A good question, indeed.

A more seasoned engineer might say: I will use logs!!! But what if I tell you, logs are only the begging?

[Disclaimer Time] This article is not about some concrete technology, framework, or library, although it references some of these. It’s more of an overview/tips about what logging/tracing/et al are and how to approach these when designing and operating software systems. The information here is based mostly from my own experience, but also from information available in papers and industry blog posts. You might need to google some stuff while/after reading it, especially if you’ve never operated a system running in production.

Act 1: I’ll set up logs, alright…

So, what exactly is a log?

We'll talk about logs, just not this kind of logs

Technically, this is a log, but I want to talk about other kinds of logs.

Logs are a record about some event in a system

Pretty abstract, huh? A log is like an entry in a journal about something that happened, maybe with some context. Somewhat like the Twitter feed of an Apple-reporter during the WWDC event. You have time, you have a record of something that just happened, and maybe you have context too. Now, jokes aside, logs are necessary for a system running in production. They help you uncover what was happening moments before applications crash. Or malicious activity. Or other stuff. But how do we make good logs?

Tenets of a good log message

So, how should we design our logs? Here are some tenets:

  • Thy logs must be hierarchical: we need to respect the distinction between DEBUG/INFO/WARNING/ERROR and possibly other levels. We should not crowd the system with WARNING logs when INFO or DEBUG logs are more appropriate. Crowding also refers to how much information a log contains. That said, a good idea for an ERROR log is to register as much information as possible to aid in debugging. Use DEBUG-level logs to register information about what setting the program is using, even how much time or resources some subroutine is using, but don’t abuse this. As for INFO logs, anything in between. Like information about a call to a top-level route handler in an HTTP server. Also, INFO logs are the right way to use prints in a system.

  • Thy logs must be informative: A good rule of thumb is to log everything that might help you debug your system. If an error happens, you will want to log the traceback. Also, logging the context in which the error happened will prove to be useful. By context, I mean some surrounding variables, which might have something to do with the failure. If your system is running with multiple processes or is multithreaded, or multi-whatever, do yourself a favor and log the PIDs/Thread IDs. Finally, be very careful with how you represent time, explaining why would require an entire blog, but time in computer systems is a pain, see for yourself.
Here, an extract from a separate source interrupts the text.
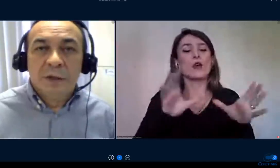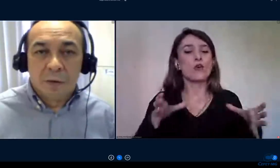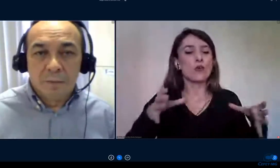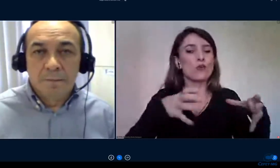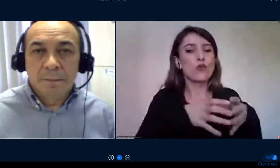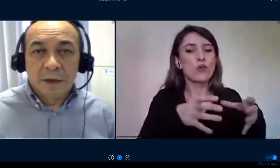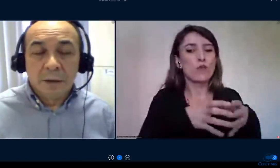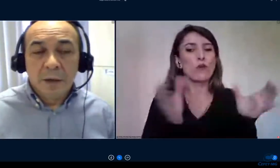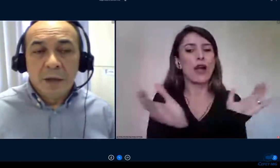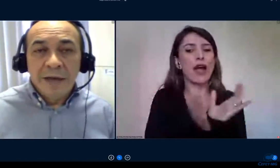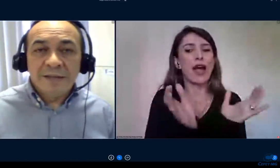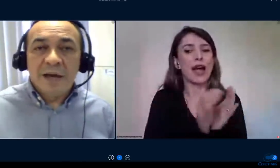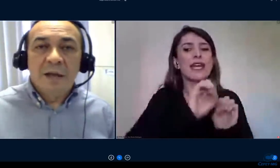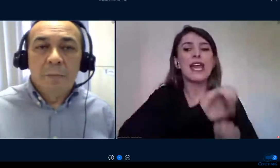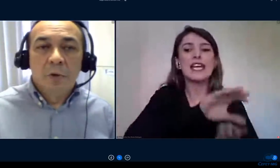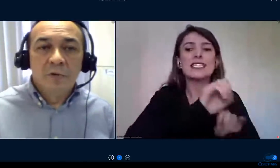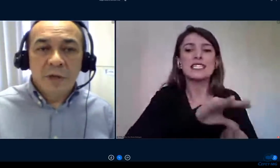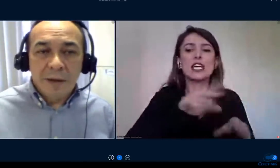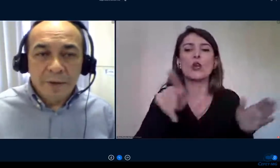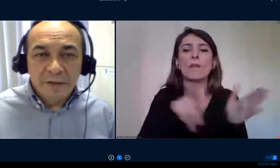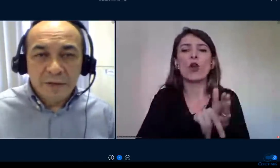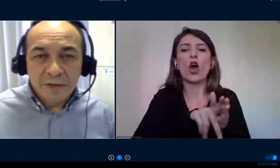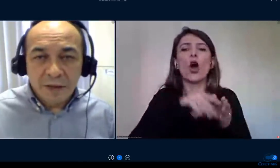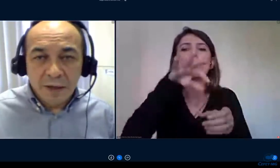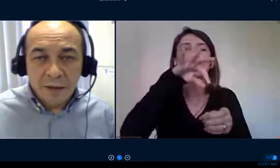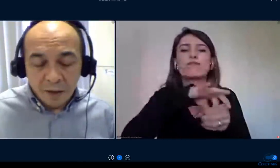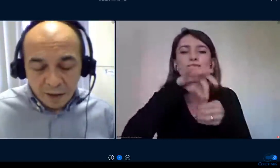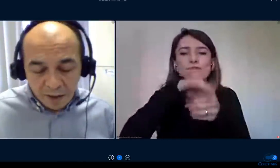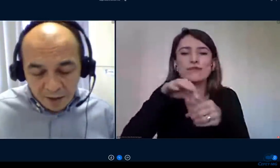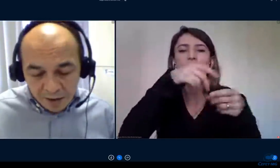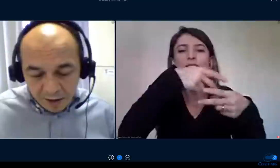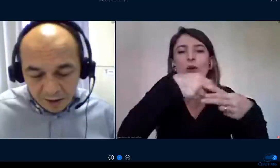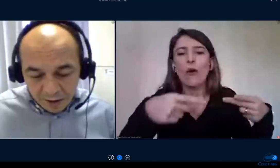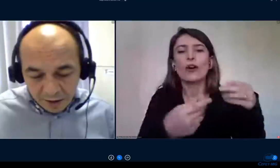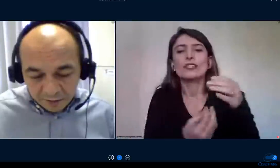de produção. E essa área de produção, ela precisa ser

ERROR: Error name, message, traceback, variables in scope is possible
WARNING: Warning name, message
INFO: Calls to top-level functions/handlers, like: [2021-05-17 00:06:23] INFO: GET /posts 200 OK
DEBUG: Program setup/initialization info, possibly memory or performance information*

*: more on that later
  • Thy logs must be filterable: logs are meant to be analyzed. Make them as searchable as possible. Consider formatting them as JSON documents, and don’t abuse nesting.

Why not? If the JSON is too nested, it becomes hard to search/analyze, defying its purpose.

For example, Elasticsearch can’t properly index JSONs with two or more levels of nesting. That is, something like the example below can be indexed:

{"timestamp": "2021-05-18T21:09:54Z", "level": "error", "msg": "bad thing happened"}

Even something like this:

{"timestamp": {"date": "17th May, 2021", "time": "11:30:30am"}, "level": "error", "msg": "bad thing happened"}

But do something like this:

{"timestamp": {
    "date": "17th May, 2021",
    "time": [11, 30, 30, 124]
    },
 "level": "error",
 "msg": "bad thing happened",
 "context": {
    "some_key_for_multiple_values": []
    }
}

And Elastic will treat your deeply nested elements like strings, and then good luck filtering and aggregating these logs. So keep it flat, whenever possible.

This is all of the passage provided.